County in Pennsylvania, United States

Indiana County is a county in the Commonwealth of Pennsylvania. It is located in the west central part of Pennsylvania. As of the 2020 census, the population was 83,246. Its county seat is Indiana. Indiana County comprises the Indiana, PA Micropolitan Statistical Area, which is also included in the Pittsburgh-New Castle-Weirton, PA-WV-OH Combined Statistical Area. The county is part of the Southwest region of the commonwealth. (Note: Includes Westmoreland, Cambria, Fayette, Blair, Indiana, Somerset, Bedford, Huntingdon, Greene and Fulton Counties)

Prior to the Revolutionary War, some settlers proposed this as part of a larger, separate colony to be known as Vandalia, but opposing interests and the war intervened. Afterward, claims to the territory by both the states of Virginia and Pennsylvania had to be reconciled. After this land was assigned to Pennsylvania by the federal government according to the placement of the Mason–Dixon line, Indiana County was created on March 30, 1803, from parts of Westmoreland and Clearfield counties and was formally organized in 1806.

==History==
Indiana County (Indiana meaning "land of the Indians") derives its name from the so-called "Indiana Grant of 1768" that the Iroquois Six Nations were forced to make to "suffering traders" under the Fort Stanwix Treaty of 1768. The Iroquois had controlled much of the Ohio River valley as their hunting grounds since the 17th century, and Anglo-American colonists were moving into the area and wanted to develop it. Traders arranged to force the Iroquois to grant land under the treaty in relations to losses due to Pontiac's Rebellion.
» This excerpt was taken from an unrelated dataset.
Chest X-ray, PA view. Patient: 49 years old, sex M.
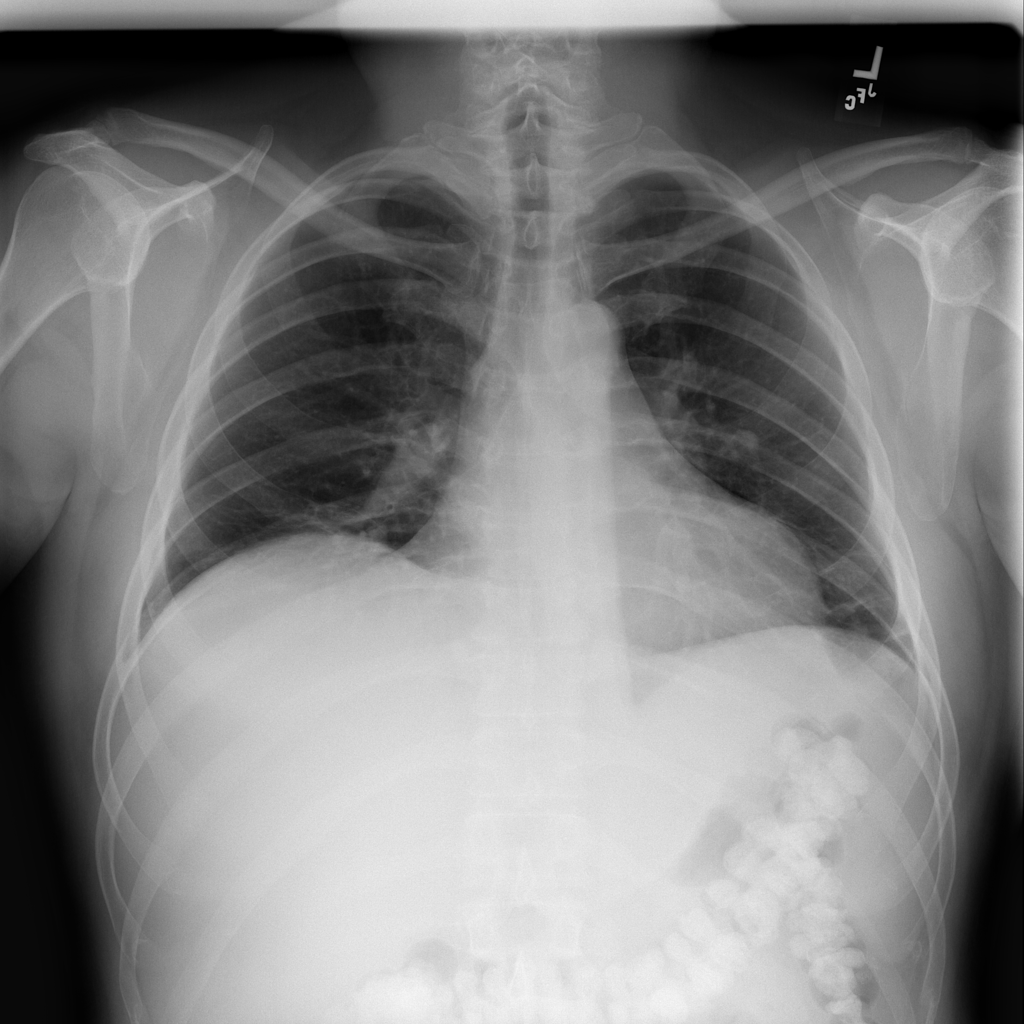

Some of the grantees joined forces with the Ohio Company, forming a larger development company based on enlarging their grant of land. They proposed that the entire large area would become a new British colony, possibly to be called Pittsylvania or Vandalia. It was to be bordered on the north and west by the Ohio River, and made up of what are now parts of eastern Kentucky, northern West Virginia (then part of the Virginia Colony), and western Pennsylvania. Anglo-European colonists from Virginia and Pennsylvania had already started to move into the area, which was identified by these various names as Indiana and the other above names on some maps of the late 1700s.

Opposition from other interest groups and the American Revolutionary War intervened before Britain approved such a colony. Afterward, some United States speculators proposed setting up a state in this area to be called Vandalia, or Westsylvania, as appears on some maps of the period.

But both the states of Virginia and Pennsylvania claimed the land based on their colonial charters. In establishing the Mason–Dixon line, the federal government assigned the Indiana Grant to Pennsylvania. As population increased after the war, this county was made up in 1803 of territory from Westmoreland and Clearfield counties; it was formally organized in 1806.

Kentucky and West Virginia continued to be associated with Virginia for some time, being separately admitted as states in the early 19th century and during the American Civil War, respectively. The area in Pennsylvania was unrelated to and was physically separated from the later named Indiana Territory established north of the Ohio River in 1800 by the new United States; that territory was eventually admitted to the Union as the State of Indiana.

Indiana County was known as a "hotbed of abolition", and was home to at least two African Methodist Episcopal Zion churches as well as other anti-slavery Protestants such as Wesleyan Methodists and Baptists. It was also in Indiana, local abolitionist leader James Moorhead published several anti-slavery newspapers. The first of these was The Clarion of Freedom, founded in 1843. Moorhead eventually sold the Clarion and founded a new anti-slavery paper, the Indiana Independent, which he published until his death in 1857. The Independent was published by his son J. W. Moorhead after his death. Blairsville was home to another abolitionist newspaper, The Appalachian, which was pro-Free Soil from 1848. Some of the nearby anti-slavery families like the Mitchells and Van Leers, became conductors or contributors in 1958. In a letter to abolitionist Theodore Parker, a local geologist Peter Lesley stated there we over 3,000 men helping the railroad in the area.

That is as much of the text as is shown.